The Blanchard's cricket frog is a tiny (7/8 to 1 1/4 inch long, snout to vent), nonclimbing member of the treefrog family which lives in ponds and streams of southwestern Wisconsin. The frog is named for the biologist who first described it, Frank Nelson Blanchard, and for its distinctive cricket-like call.
Male and female Blanchard's cricket frogs look alike, but females are usually larger. Males have a dark vocal sac on their throats that they inflate to help make their mating call. Back color is variable, but is usually brown, gray, olive, or tan, sometimes with a green or reddish stripe running down the middle. Their moist skin has raised reddish spots, or warts.
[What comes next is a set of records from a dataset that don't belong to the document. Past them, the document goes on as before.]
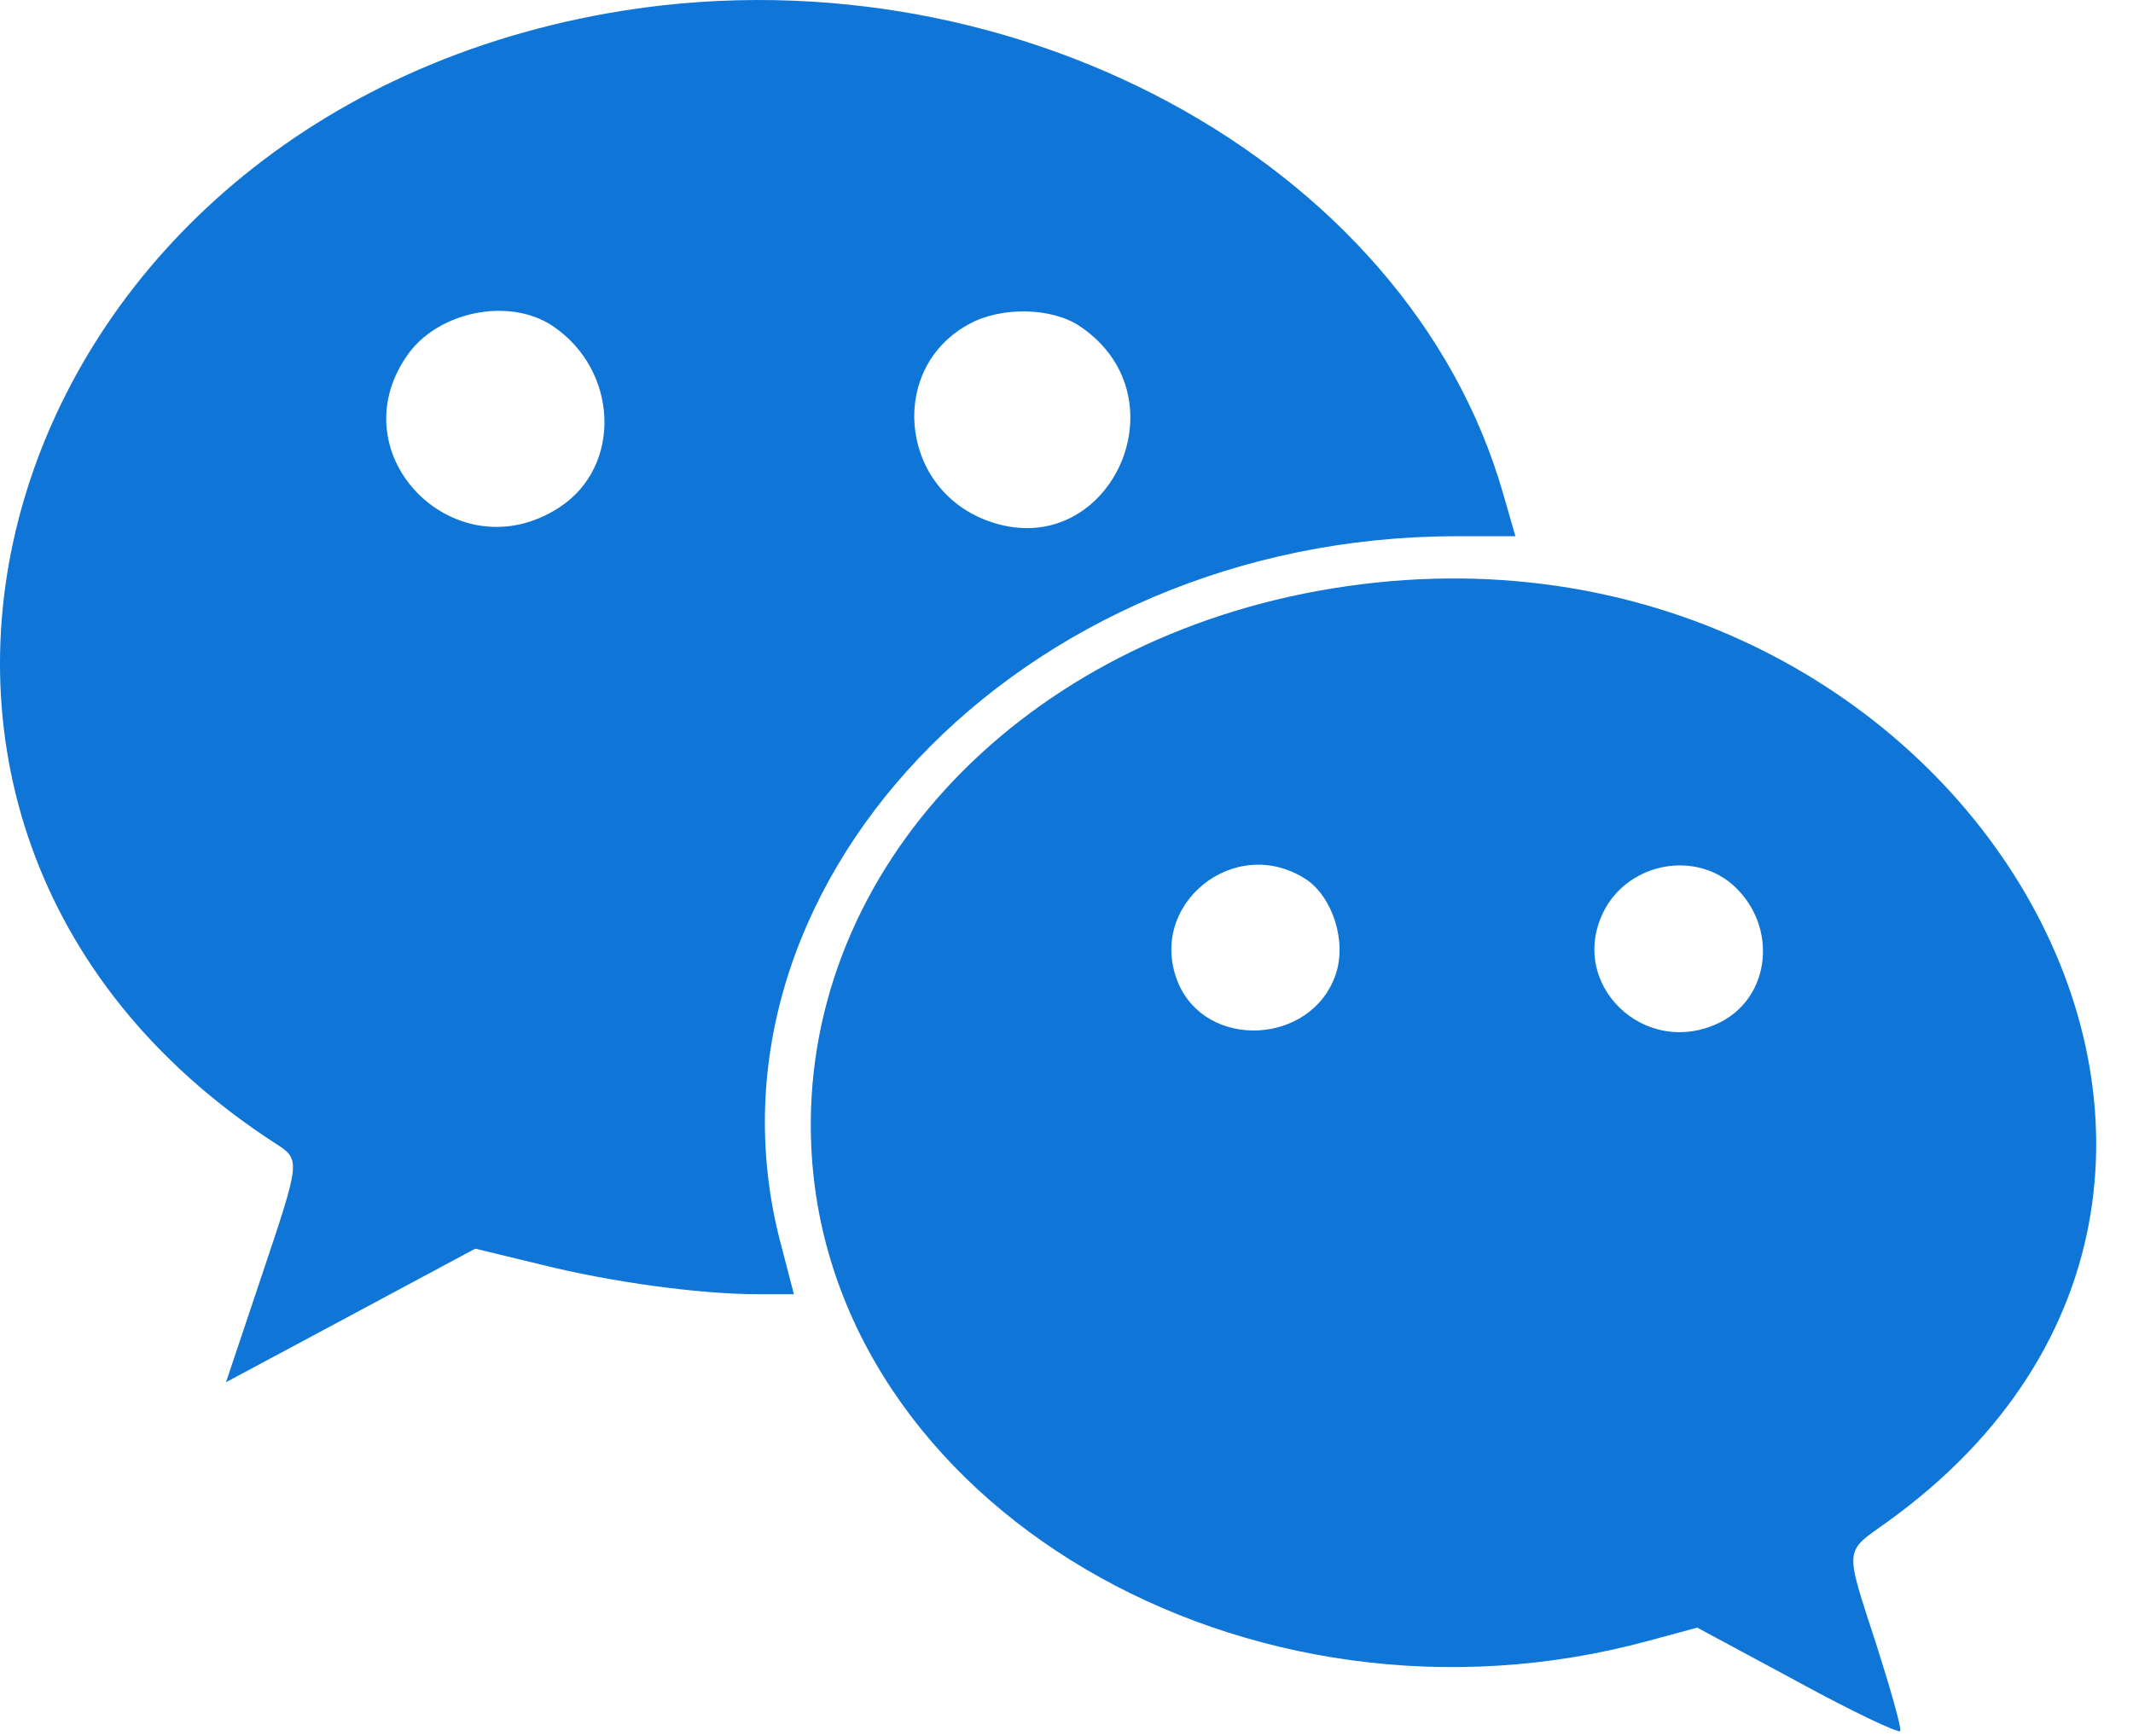 <?xml version="1.0" encoding="UTF-8"?>
<svg width="43px" height="35px" viewBox="0 0 43 35" version="1.1" xmlns="http://www.w3.org/2000/svg" xmlns:xlink="http://www.w3.org/1999/xlink">
    <!-- Generator: Sketch 63.1 (92452) - https://sketch.com -->
    <title>编组</title>
    <desc>Created with Sketch.</desc>
    <g id="页面-1" stroke="none" stroke-width="1" fill="none" fill-rule="evenodd">
        <g id="04-服务支持" transform="translate(-940, -4133)" fill="#0F76D7" fill-rule="nonzero">
            <g id="联系我们" transform="translate(0, 3881)">
                <g id="2" transform="translate(863, 252)">
                    <g id="编组" transform="translate(77, 0)">
                        <path d="M12.236,0.27 C-0.236,2.497 -4.393,16.589 5.527,23.038 C6.071,23.388 6.071,23.349 5.255,25.784 L4.556,27.869 L7.069,26.523 L9.581,25.176 L10.915,25.499 C12.314,25.849 14.101,26.095 15.293,26.095 L16.005,26.095 L15.759,25.15 C13.803,17.949 20.564,10.812 29.358,10.812 L30.55,10.812 L30.304,9.958 C28.374,3.21 20.227,-1.155 12.236,0.27 Z M11.148,6.577 C12.469,7.471 12.547,9.401 11.278,10.229 C9.219,11.576 6.81,9.206 8.195,7.186 C8.804,6.279 10.268,5.981 11.148,6.577 Z M21.769,6.577 C23.945,8.041 22.313,11.421 19.878,10.488 C18.116,9.815 17.909,7.393 19.554,6.525 C20.201,6.176 21.212,6.202 21.769,6.577 Z M26.574,11.913 C20.396,13.04 16.109,17.728 16.355,23.116 C16.679,30.33 25.136,35.303 33.257,33.076 L34.215,32.817 L36.236,33.905 C37.349,34.514 38.282,34.954 38.308,34.902 C38.334,34.837 38.114,34.06 37.829,33.167 C37.181,31.172 37.168,31.314 38.036,30.693 C47.801,23.686 39.227,9.621 26.574,11.913 Z M26.328,17.728 C26.871,18.091 27.156,18.998 26.923,19.658 C26.431,21.07 24.32,21.173 23.75,19.814 C23.103,18.246 24.89,16.796 26.328,17.728 Z M34.979,17.884 C35.834,18.7 35.692,20.086 34.694,20.604 C33.166,21.381 31.56,19.827 32.35,18.337 C32.868,17.379 34.202,17.146 34.979,17.884 Z" id="形状"></path>
                    </g>
                </g>
            </g>
        </g>
    </g>
</svg>

There is a dark triangle or V-shaped spot between their eyes, often rust or lime green in color. Bellies are white and each thigh has dark, ragged crossbars that create a somewhat netlike pattern.
Historically, Blanchard's cricket frogs were found from Southwestern Ontario, Michigan, and Ohio west to Nebraska and south to include most of Texas. Small populations extend into eastern Colorado and New Mexico. Today, this species has almost disappeared from much of the Northern portion of its range, including Ontario, most of Michigan, Minnesota, Wisconsin, Illinois, and Iowa. In Wisconsin, the historical range of the Blanchard's cricket frog was limited to the southern half of the state.
Habitat
Cricket frogs require reasonably permanent water in open country. Open mud flats and stream banks with abundant, low emergent vegetation are preferred. They inhabit marshes, fens, and wet prairies near permanent or flowing water. In lakes and ponds they prefer aquatic sites where submergent vegetation grows along the shorelines. They need soft muddy bottoms to hibernate in through the winter.
Habits
Cricket frogs live mostly on the edges of ponds and streams with submerged or emergent vegetation. Look for them sitting on aquatic plants or sitting at the water's edge.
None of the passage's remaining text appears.